Body weight of male rats (30- to 35-days old) previously suckled in litters with 9 or 15 pups (respectively, L 9 and L 15 condition). Gln250, Gln500, and Gln750 are rats treated per gavage from postnatal days 7–27 with l-glutamine at the doses of 250, 500 and 750 mg/kg/day, respectively. Data are mean ± SD. Asterisk indicate significant difference between L 15 and the corresponding L 9 groups (p < 0.05; one-way ANOVA followed by the Holm–Sidak test)

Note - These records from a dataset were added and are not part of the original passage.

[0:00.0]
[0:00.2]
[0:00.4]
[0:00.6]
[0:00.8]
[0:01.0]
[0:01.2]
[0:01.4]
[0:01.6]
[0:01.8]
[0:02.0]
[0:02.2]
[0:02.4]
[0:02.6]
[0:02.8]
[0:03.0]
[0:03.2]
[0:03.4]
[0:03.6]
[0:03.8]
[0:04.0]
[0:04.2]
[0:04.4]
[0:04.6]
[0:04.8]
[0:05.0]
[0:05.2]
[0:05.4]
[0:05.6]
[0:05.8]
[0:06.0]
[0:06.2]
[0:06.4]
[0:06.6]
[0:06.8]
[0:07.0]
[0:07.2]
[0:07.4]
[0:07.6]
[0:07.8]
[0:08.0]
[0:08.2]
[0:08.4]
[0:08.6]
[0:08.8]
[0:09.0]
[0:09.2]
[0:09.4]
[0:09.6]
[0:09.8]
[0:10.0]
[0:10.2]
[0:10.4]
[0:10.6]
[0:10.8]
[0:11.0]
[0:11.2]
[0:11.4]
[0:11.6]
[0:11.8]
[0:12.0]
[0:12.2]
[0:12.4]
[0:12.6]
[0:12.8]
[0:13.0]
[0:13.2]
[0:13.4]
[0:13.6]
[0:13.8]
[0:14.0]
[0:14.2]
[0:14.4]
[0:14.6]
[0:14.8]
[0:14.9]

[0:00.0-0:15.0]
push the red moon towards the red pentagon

Elevated plus-maze and open field tests
The effect of Gln treatment on the anxiety-like behavioral activity in the elevated plus-maze, and in the open field tests is shown in Fig. 2. Regarding the elevated plus maze, in the L 15 condition, Gln500- and Gln750 groups traveled higher distance than the controls and presented with longer time in the open arms than the L 15-Gln250, naive, and vehicle groups (p < 0.05).
Behavioral activity, in the elevated plus maze and open field apparatus, of young rats that were previously suckled in litters with 9 and 15 pups (respectively, L 9 and L 15 condition). Gln250, Gln500, and Gln750 are rats treated per gavage from postnatal days 7–27 with l-glutamine at the doses of 250, 500 and 750 mg/kg/day, respectively. Bars represent mean values ± standard deviation. Asterisk indicates values that are significantly different from naive and vehicle control groups. Plus sign significantly different from control groups and from Gln250. Double plus sign significantly different from the control and from the corresponding L 9 groups (p < 0.05; ANOVA followed by Holm–Sidak test)

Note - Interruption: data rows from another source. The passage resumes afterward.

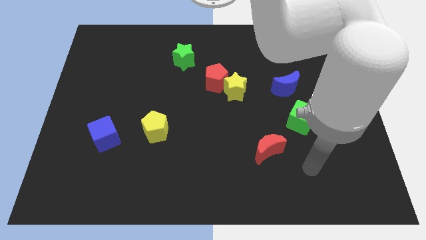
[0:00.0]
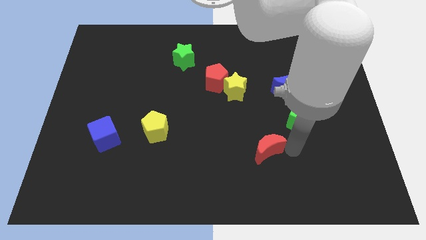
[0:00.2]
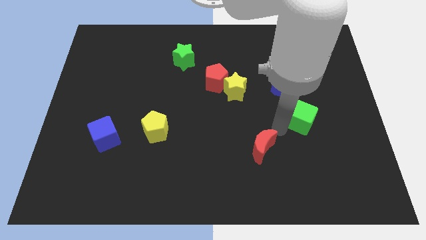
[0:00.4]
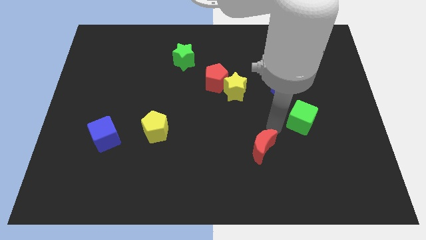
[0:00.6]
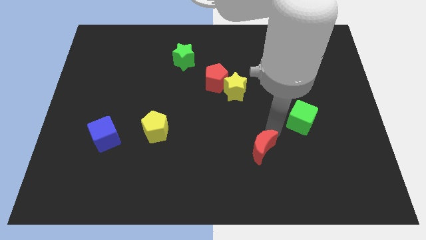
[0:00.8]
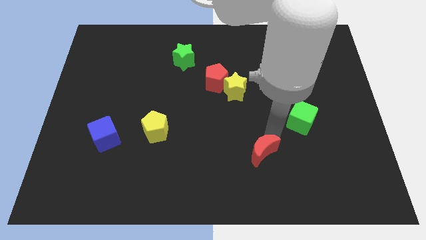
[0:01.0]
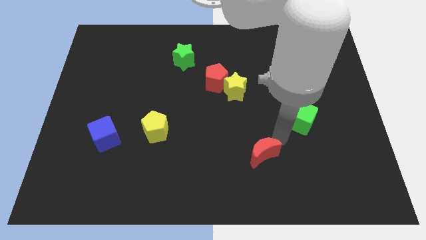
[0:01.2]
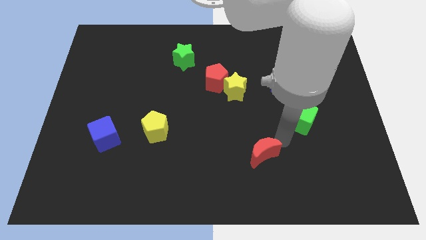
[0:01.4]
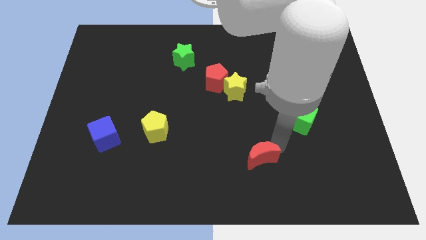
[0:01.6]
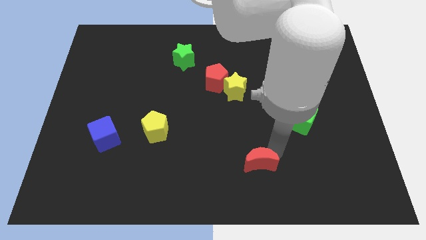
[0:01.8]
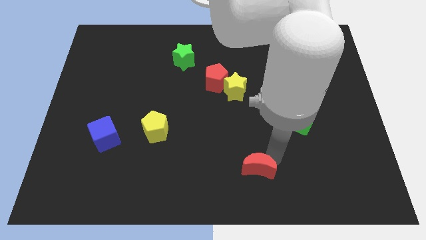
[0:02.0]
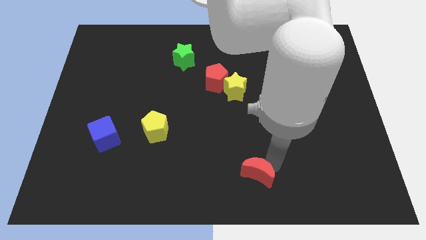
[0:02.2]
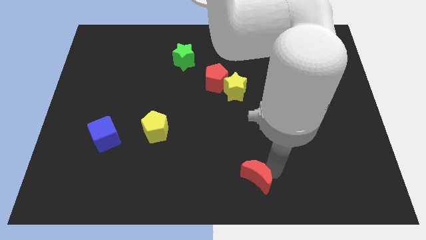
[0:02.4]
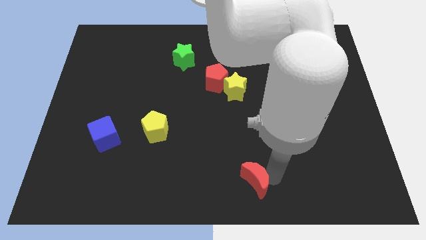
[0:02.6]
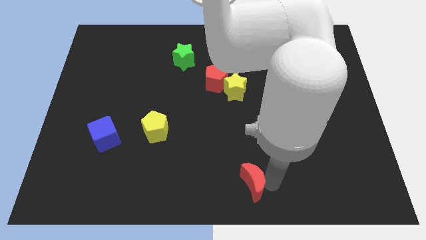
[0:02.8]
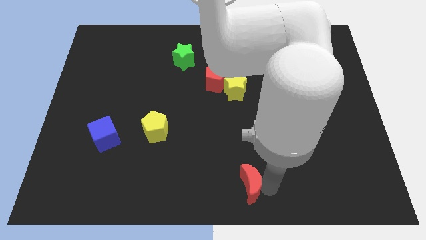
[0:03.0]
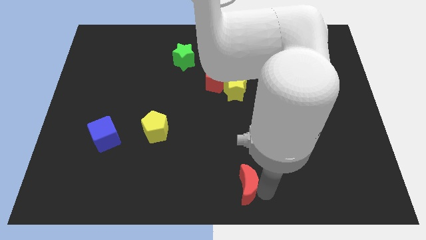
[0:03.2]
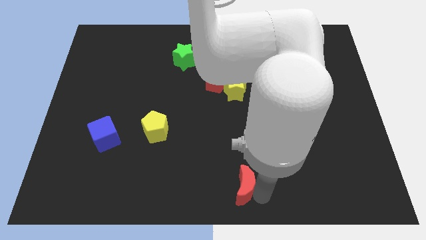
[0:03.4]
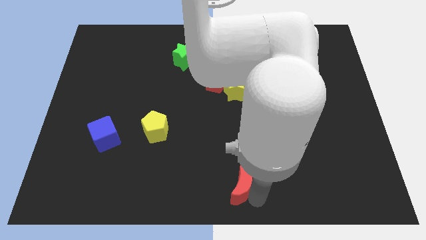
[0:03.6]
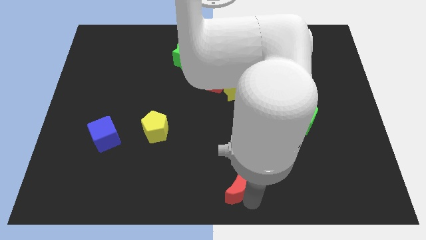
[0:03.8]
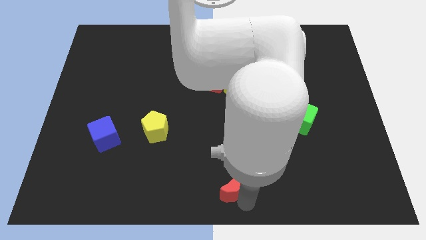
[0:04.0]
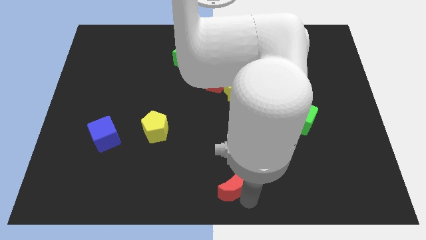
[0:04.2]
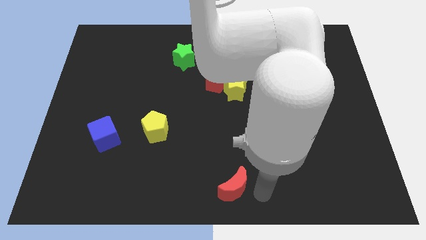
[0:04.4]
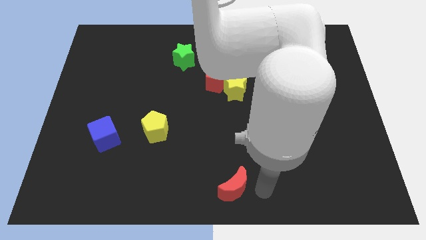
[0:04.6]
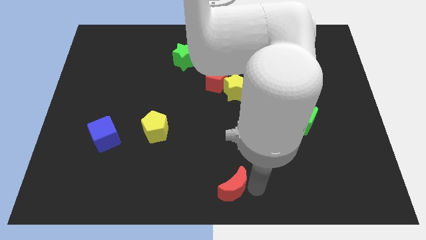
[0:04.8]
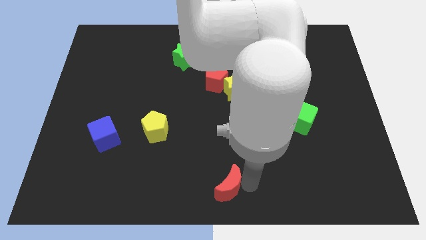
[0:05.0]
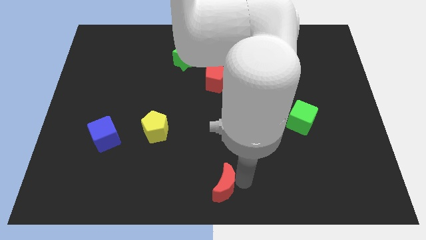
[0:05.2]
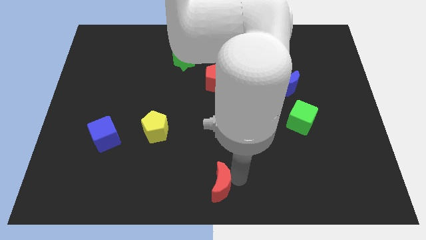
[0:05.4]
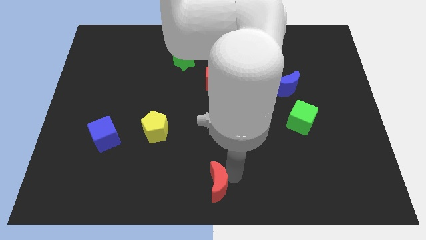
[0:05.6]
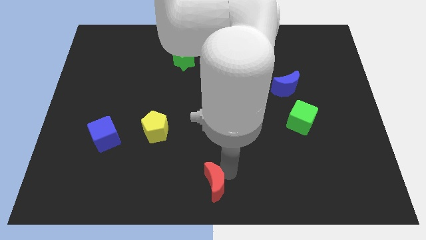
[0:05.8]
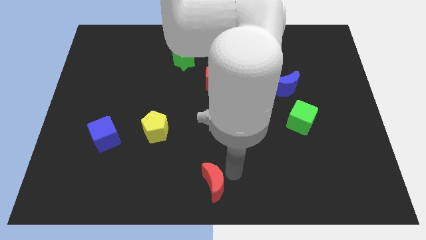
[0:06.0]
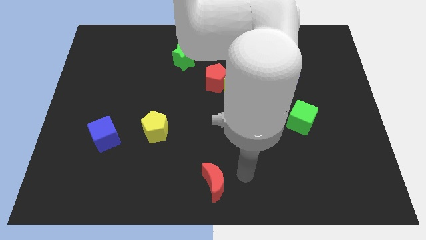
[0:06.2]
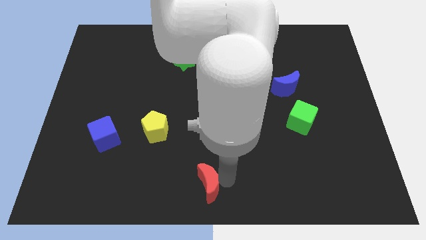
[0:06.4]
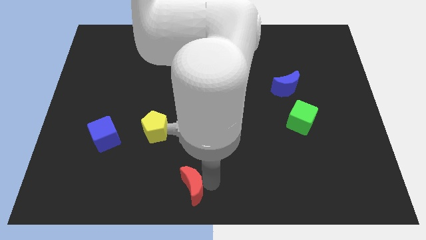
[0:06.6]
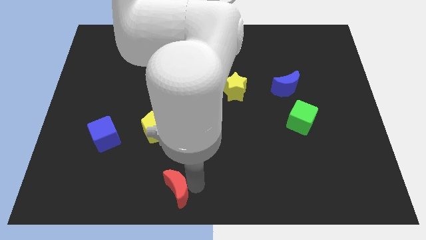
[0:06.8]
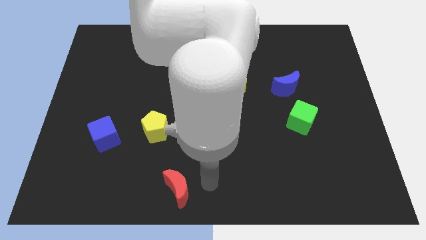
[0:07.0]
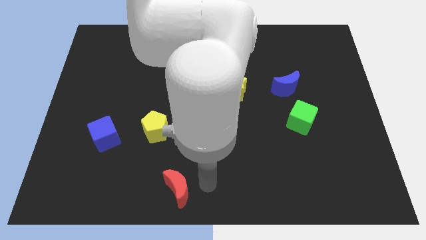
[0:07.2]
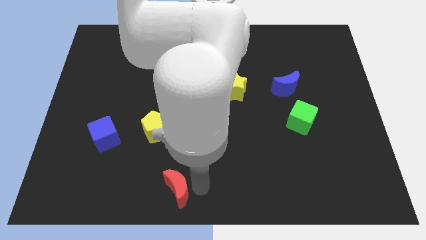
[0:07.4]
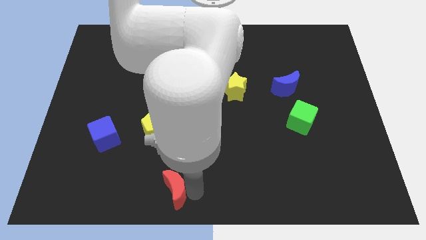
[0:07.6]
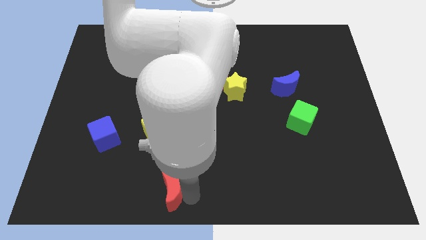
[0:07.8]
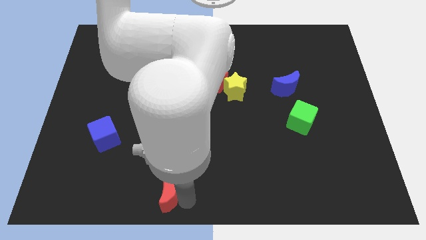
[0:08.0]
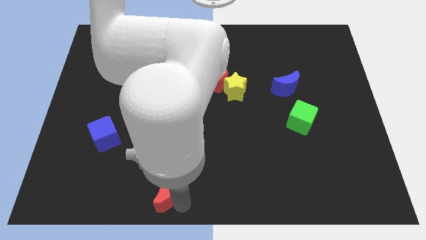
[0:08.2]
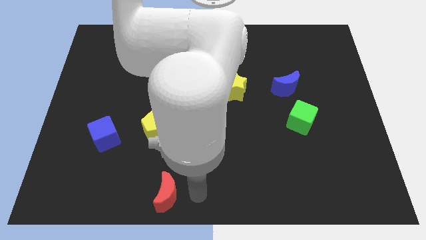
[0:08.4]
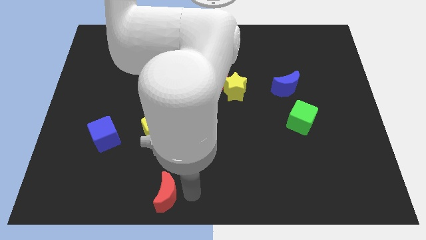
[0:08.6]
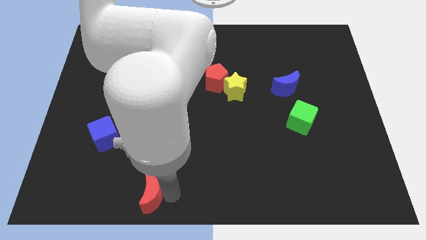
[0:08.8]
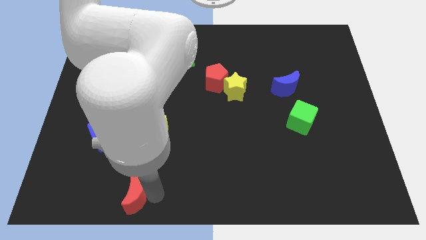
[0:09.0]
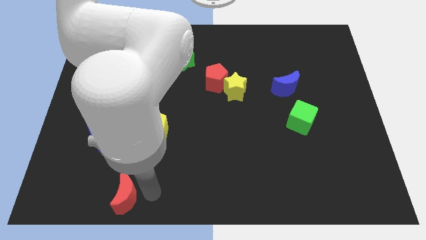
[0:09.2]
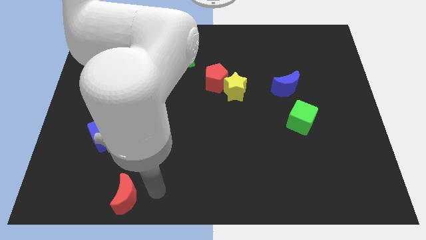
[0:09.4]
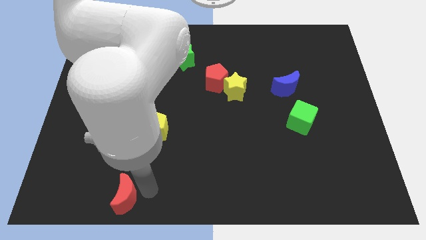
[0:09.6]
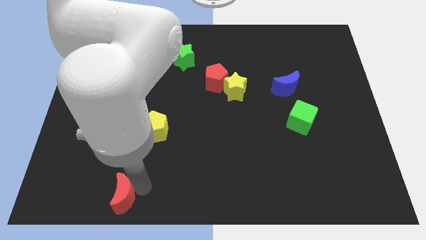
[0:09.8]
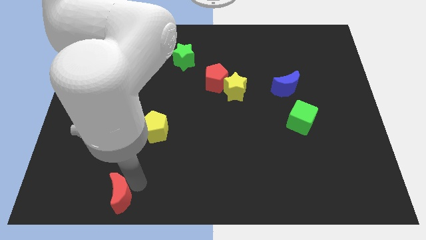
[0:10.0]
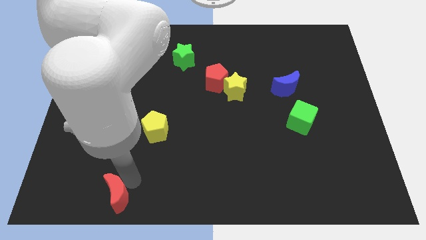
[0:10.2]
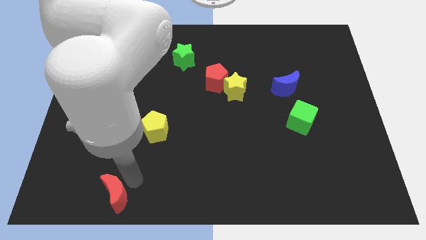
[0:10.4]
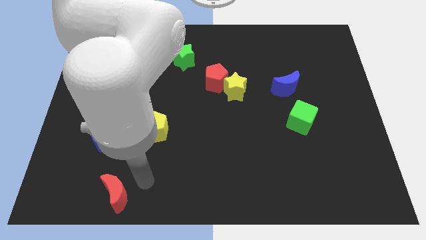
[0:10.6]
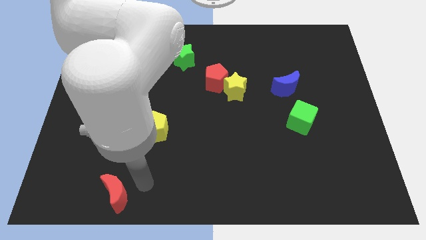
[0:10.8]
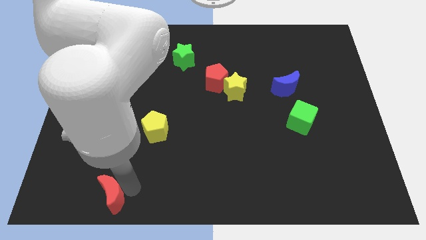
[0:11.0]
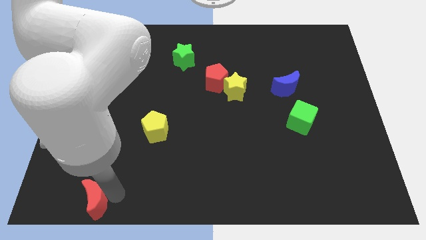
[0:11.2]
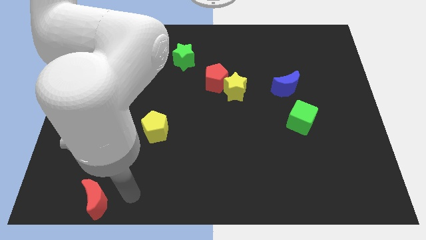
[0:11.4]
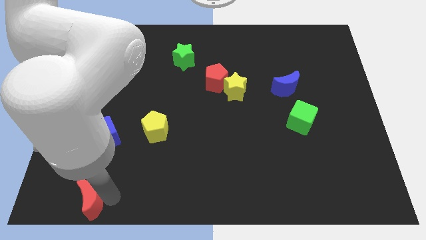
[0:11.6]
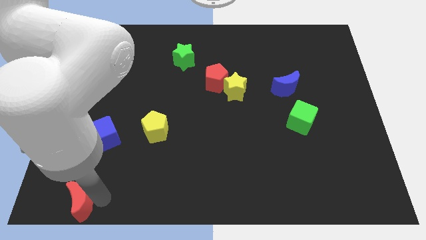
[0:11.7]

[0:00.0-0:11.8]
put the red moon to the bottom left of the board

In the open field, the Gln-treated animals of both L 9 and L 15 condition traveled a higher distance than the corresponding controls. In the L 15 condition, the Gln-treated animals entered more times in the central zone in comparison with the controls. The Gln500 and Gln750 groups also spent more time in the central zone.
CSD parameters
In all groups, topical application of 2% KCl for 1 min at the frontal cortex usually elicited a single CSD wave, which was recorded by the two electrodes located more posteriorly in the stimulated hemisphere. Figure 3 presents electrophysiological recordings on the cortical surface of five L 9 and five L 15 animals, illustrating the slow potential change accompanying CSD. The DC slow potential recordings confirmed the presence of CSD after KCl stimulation.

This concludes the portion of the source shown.